Gründe geben Rätsel auf
Die Gründe für das vermehrte Sterben geben Rätsel auf, nicht nur in Ur­senbach. «Dass man pro Jahr zwei bis drei Völker verliert, ist normal. Aber dieses Ausmass ist schon speziell», sagt Stefan Käser. «Letztes Jahr mussten die Bienen durchs Jahr hindurch gefüttert werden. Im Spätsommer, nach der Behandlung gegen die Varroamilben, sammelten die Bienen nochmals wenig Honig ein. Dieser gesammelte Nektar deponierten die Honigbienen in die Brutzellen. Dadurch konnte die Königin nicht genügend Eier in diese Zellen legen», erzählt der Imker. Das haben die Bienenhalter nicht gerne, denn das reduziere die Grösse der Bienenvölker. Kommt hinzu, dass es wegen der Kälte nicht mehr alle Bienen nach Hause schaffen. «Wenn die Bienenvölker schon geschwächt und kleiner in den Winter müssen, wird es schwierig, dass sie sich warmhalten können», erklärt Käser weiter. Und der Winter sei jetzt doch recht lang und kalt gewesen, das habe den Bienen noch zusätzlich zugesetzt.

Viele betroffen
Stefan Käser hat in der Umgebung von einigen Imkern gehört, denen das gleiche Schicksal widerfahren ist. Auch René Schmid, Amtlicher Fachassistent Bieneninspektion im Unteremmental und Oberaargau, hat Kenntnis des vermehrten Bienensterbens. «Ich war bei einigen Imkern, unter ihnen einer, bei dem alle Völker eingegangen sind.» Der Bieneninspektor hat denn auch an einigen Orten mit der Auswaschmethode die Varroamilben-Belastung kontrolliert. «Ich habe erhöhte Werte festgestellt. Dies und das für Bienen klimatisch schlechte Vorjahr führten wohl zu den heuer grösseren Verlusten als in anderen Jahren. Aber ganz sicher kann man es nicht sagen, und man wird es wohl auch nie genau wissen», erklärt René Schmid. Die Situation sei traurig. In manchen Jahren gebe es fast keine Winterverluste, in manchen leider etwas mehr. Die Situation könne sich aber bei guten Bedingungen wieder erholen. «Ein Imker kann viel machen, indem er schaut, dass die Bienen immer genügend Futter haben, die Völker wirksam gegen die Varroamilbe behandelt werden und er möglichst nur starke Völker hält. Dies sind wichtige Vorsorgemassnahmen, um dem Wetter und dem Zusammenspiel der Umwelteinflüsse ein wenig entgegenzuwirken», erklärt er.

Bestand vermehren
Der Imker Stefan Käser aus Ursenbach lässt aber den Kopf nicht hängen.
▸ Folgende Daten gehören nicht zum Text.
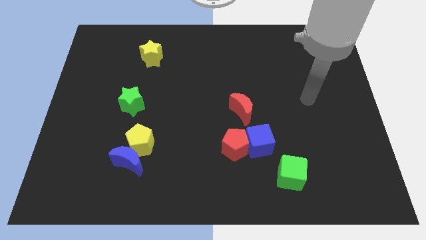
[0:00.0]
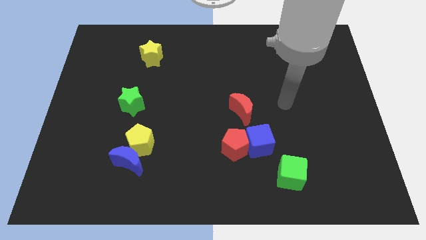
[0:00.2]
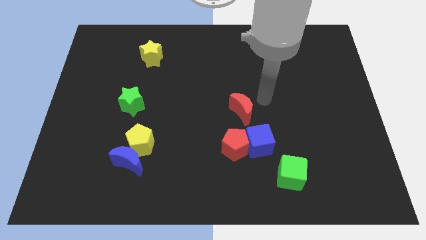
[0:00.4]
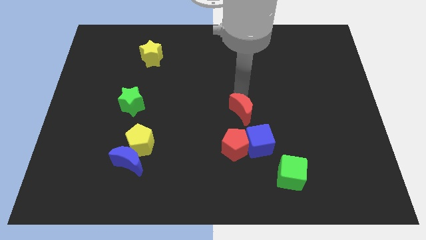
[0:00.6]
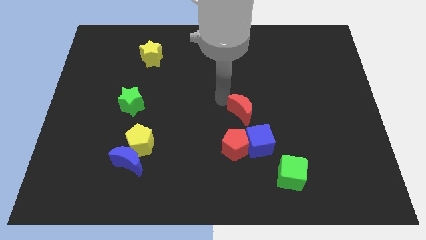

Er wird sein Hobby nach wie vor weiterpflegen. «Ich werde mit ausschwärmenden Völkern meinen Bestand wieder vermehren», erzählt er. Zudem hoffe er auf ein gutes Jahr, sodass der Verlust wieder aufgeholt werden könne. «Mein Ziel ist es, dass meine Völker im Spätherbst wieder gut parat sind für den Waldhonig», sagt er hoffnungsvoll. Wie die Imker sagen: «Wenn die Türklinke klebrig ist, dann ist es gut.»

165 000 Bienenvölker
In der Schweiz wird eine sehr vielseitige Bienenhaltung betrieben. Insgesamt halten 17 500 Imkerinnen und Imker rund 165 000 Bienenvölker. Die Trachtangebote (Nahrungsangebot) sind je nach Region sehr unterschiedlich. Unsere wichtigsten Trachtpflanzen sind: Löwenzahn, Obstbäume, Raps, Robinie («Akazie»), Kastanien, Linde, Alpenrose sowie verschiedene Nadel- und Laubbäume. Die Durchschnittsernte liegt bei 20 kg pro Volk. Die Schweiz hat mit durchschnittlich vier Völkern pro Quadratkilometer, Alpen inbegriffen, eine hohe Bienendichte. Durch die flächendeckende geografische Verteilung der Bienenstände ist die Bestäubung der Kultur- und Wildpflanzen zum heutigen Zeitpunkt in den meisten Gegenden gewährleistet.